• **What you are asked to do**
Output every entry below exactly as it is written.

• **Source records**
[Start of Attachment]

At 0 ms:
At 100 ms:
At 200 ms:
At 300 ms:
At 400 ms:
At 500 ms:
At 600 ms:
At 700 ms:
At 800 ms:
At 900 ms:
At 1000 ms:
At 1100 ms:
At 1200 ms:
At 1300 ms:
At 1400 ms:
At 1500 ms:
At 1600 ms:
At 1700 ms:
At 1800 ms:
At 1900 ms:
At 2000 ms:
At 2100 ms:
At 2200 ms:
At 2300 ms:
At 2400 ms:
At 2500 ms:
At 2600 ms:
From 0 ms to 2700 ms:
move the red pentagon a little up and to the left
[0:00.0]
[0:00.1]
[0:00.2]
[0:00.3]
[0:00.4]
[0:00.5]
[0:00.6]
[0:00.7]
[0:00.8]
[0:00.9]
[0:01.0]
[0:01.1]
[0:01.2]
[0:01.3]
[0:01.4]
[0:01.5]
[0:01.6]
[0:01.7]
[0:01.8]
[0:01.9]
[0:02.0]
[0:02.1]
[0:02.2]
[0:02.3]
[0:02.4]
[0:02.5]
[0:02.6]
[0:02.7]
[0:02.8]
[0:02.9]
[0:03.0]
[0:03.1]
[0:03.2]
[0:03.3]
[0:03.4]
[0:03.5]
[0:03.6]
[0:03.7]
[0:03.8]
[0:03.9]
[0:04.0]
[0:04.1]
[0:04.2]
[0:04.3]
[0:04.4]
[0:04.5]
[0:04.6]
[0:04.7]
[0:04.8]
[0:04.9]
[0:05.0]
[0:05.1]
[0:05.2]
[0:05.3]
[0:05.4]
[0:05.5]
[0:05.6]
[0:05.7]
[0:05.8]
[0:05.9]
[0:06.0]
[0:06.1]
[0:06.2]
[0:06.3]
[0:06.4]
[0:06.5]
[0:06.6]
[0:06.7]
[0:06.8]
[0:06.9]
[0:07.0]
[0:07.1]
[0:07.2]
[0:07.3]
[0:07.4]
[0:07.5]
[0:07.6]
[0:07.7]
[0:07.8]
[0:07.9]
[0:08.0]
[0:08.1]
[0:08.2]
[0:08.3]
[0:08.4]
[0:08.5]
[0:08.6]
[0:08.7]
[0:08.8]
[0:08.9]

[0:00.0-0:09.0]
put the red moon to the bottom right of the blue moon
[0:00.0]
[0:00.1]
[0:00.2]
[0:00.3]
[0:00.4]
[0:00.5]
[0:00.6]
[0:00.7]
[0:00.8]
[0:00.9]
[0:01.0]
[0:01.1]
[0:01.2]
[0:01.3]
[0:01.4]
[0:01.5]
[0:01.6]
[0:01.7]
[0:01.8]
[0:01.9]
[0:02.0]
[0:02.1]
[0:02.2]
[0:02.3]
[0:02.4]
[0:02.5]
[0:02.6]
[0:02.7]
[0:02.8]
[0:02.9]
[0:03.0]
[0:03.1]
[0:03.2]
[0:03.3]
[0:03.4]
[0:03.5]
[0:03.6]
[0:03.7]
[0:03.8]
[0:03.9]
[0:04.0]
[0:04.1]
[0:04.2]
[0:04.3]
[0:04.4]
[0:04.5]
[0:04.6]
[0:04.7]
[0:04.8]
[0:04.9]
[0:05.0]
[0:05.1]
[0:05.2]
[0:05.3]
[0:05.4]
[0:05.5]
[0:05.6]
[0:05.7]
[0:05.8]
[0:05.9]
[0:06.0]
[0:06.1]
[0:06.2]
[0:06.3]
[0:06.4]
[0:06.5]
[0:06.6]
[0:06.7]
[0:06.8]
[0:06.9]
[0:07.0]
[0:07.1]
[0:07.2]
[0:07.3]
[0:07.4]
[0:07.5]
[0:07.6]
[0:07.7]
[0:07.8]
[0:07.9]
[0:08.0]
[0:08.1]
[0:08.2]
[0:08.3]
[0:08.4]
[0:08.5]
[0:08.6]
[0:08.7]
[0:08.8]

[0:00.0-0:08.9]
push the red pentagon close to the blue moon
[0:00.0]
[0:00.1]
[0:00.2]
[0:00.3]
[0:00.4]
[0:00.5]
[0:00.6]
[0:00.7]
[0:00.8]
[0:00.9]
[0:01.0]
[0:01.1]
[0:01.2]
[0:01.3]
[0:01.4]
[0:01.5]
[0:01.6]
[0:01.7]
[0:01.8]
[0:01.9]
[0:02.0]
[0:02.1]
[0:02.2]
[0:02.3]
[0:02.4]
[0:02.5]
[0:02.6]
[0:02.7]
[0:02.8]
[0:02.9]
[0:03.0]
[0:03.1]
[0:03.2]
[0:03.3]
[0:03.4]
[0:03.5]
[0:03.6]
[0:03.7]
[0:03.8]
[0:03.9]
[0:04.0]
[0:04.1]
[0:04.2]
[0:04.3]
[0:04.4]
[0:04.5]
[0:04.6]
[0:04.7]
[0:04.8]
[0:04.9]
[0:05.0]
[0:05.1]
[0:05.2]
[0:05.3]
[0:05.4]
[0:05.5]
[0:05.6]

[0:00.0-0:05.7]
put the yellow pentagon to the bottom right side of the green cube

[End of Attachment]

• **Answer to the exercise**
At 0 ms:
At 100 ms:
At 200 ms:
At 300 ms:
At 400 ms:
At 500 ms:
At 600 ms:
At 700 ms:
At 800 ms:
At 900 ms:
At 1000 ms:
At 1100 ms:
At 1200 ms:
At 1300 ms:
At 1400 ms:
At 1500 ms:
At 1600 ms:
At 1700 ms:
At 1800 ms:
At 1900 ms:
At 2000 ms:
At 2100 ms:
At 2200 ms:
At 2300 ms:
At 2400 ms:
At 2500 ms:
At 2600 ms:
From 0 ms to 2700 ms:
move the red pentagon a little up and to the left
[0:00.0]
[0:00.1]
[0:00.2]
[0:00.3]
[0:00.4]
[0:00.5]
[0:00.6]
[0:00.7]
[0:00.8]
[0:00.9]
[0:01.0]
[0:01.1]
[0:01.2]
[0:01.3]
[0:01.4]
[0:01.5]
[0:01.6]
[0:01.7]
[0:01.8]
[0:01.9]
[0:02.0]
[0:02.1]
[0:02.2]
[0:02.3]
[0:02.4]
[0:02.5]
[0:02.6]
[0:02.7]
[0:02.8]
[0:02.9]
[0:03.0]
[0:03.1]
[0:03.2]
[0:03.3]
[0:03.4]
[0:03.5]
[0:03.6]
[0:03.7]
[0:03.8]
[0:03.9]
[0:04.0]
[0:04.1]
[0:04.2]
[0:04.3]
[0:04.4]
[0:04.5]
[0:04.6]
[0:04.7]
[0:04.8]
[0:04.9]
[0:05.0]
[0:05.1]
[0:05.2]
[0:05.3]
[0:05.4]
[0:05.5]
[0:05.6]
[0:05.7]
[0:05.8]
[0:05.9]
[0:06.0]
[0:06.1]
[0:06.2]
[0:06.3]
[0:06.4]
[0:06.5]
[0:06.6]
[0:06.7]
[0:06.8]
[0:06.9]
[0:07.0]
[0:07.1]
[0:07.2]
[0:07.3]
[0:07.4]
[0:07.5]
[0:07.6]
[0:07.7]
[0:07.8]
[0:07.9]
[0:08.0]
[0:08.1]
[0:08.2]
[0:08.3]
[0:08.4]
[0:08.5]
[0:08.6]
[0:08.7]
[0:08.8]
[0:08.9]

[0:00.0-0:09.0]
put the red moon to the bottom right of the blue moon
[0:00.0]
[0:00.1]
[0:00.2]
[0:00.3]
[0:00.4]
[0:00.5]
[0:00.6]
[0:00.7]
[0:00.8]
[0:00.9]
[0:01.0]
[0:01.1]
[0:01.2]
[0:01.3]
[0:01.4]
[0:01.5]
[0:01.6]
[0:01.7]
[0:01.8]
[0:01.9]
[0:02.0]
[0:02.1]
[0:02.2]
[0:02.3]
[0:02.4]
[0:02.5]
[0:02.6]
[0:02.7]
[0:02.8]
[0:02.9]
[0:03.0]
[0:03.1]
[0:03.2]
[0:03.3]
[0:03.4]
[0:03.5]
[0:03.6]
[0:03.7]
[0:03.8]
[0:03.9]
[0:04.0]
[0:04.1]
[0:04.2]
[0:04.3]
[0:04.4]
[0:04.5]
[0:04.6]
[0:04.7]
[0:04.8]
[0:04.9]
[0:05.0]
[0:05.1]
[0:05.2]
[0:05.3]
[0:05.4]
[0:05.5]
[0:05.6]
[0:05.7]
[0:05.8]
[0:05.9]
[0:06.0]
[0:06.1]
[0:06.2]
[0:06.3]
[0:06.4]
[0:06.5]
[0:06.6]
[0:06.7]
[0:06.8]
[0:06.9]
[0:07.0]
[0:07.1]
[0:07.2]
[0:07.3]
[0:07.4]
[0:07.5]
[0:07.6]
[0:07.7]
[0:07.8]
[0:07.9]
[0:08.0]
[0:08.1]
[0:08.2]
[0:08.3]
[0:08.4]
[0:08.5]
[0:08.6]
[0:08.7]
[0:08.8]

[0:00.0-0:08.9]
push the red pentagon close to the blue moon
[0:00.0]
[0:00.1]
[0:00.2]
[0:00.3]
[0:00.4]
[0:00.5]
[0:00.6]
[0:00.7]
[0:00.8]
[0:00.9]
[0:01.0]
[0:01.1]
[0:01.2]
[0:01.3]
[0:01.4]
[0:01.5]
[0:01.6]
[0:01.7]
[0:01.8]
[0:01.9]
[0:02.0]
[0:02.1]
[0:02.2]
[0:02.3]
[0:02.4]
[0:02.5]
[0:02.6]
[0:02.7]
[0:02.8]
[0:02.9]
[0:03.0]
[0:03.1]
[0:03.2]
[0:03.3]
[0:03.4]
[0:03.5]
[0:03.6]
[0:03.7]
[0:03.8]
[0:03.9]
[0:04.0]
[0:04.1]
[0:04.2]
[0:04.3]
[0:04.4]
[0:04.5]
[0:04.6]
[0:04.7]
[0:04.8]
[0:04.9]
[0:05.0]
[0:05.1]
[0:05.2]
[0:05.3]
[0:05.4]
[0:05.5]
[0:05.6]

[0:00.0-0:05.7]
put the yellow pentagon to the bottom right side of the green cube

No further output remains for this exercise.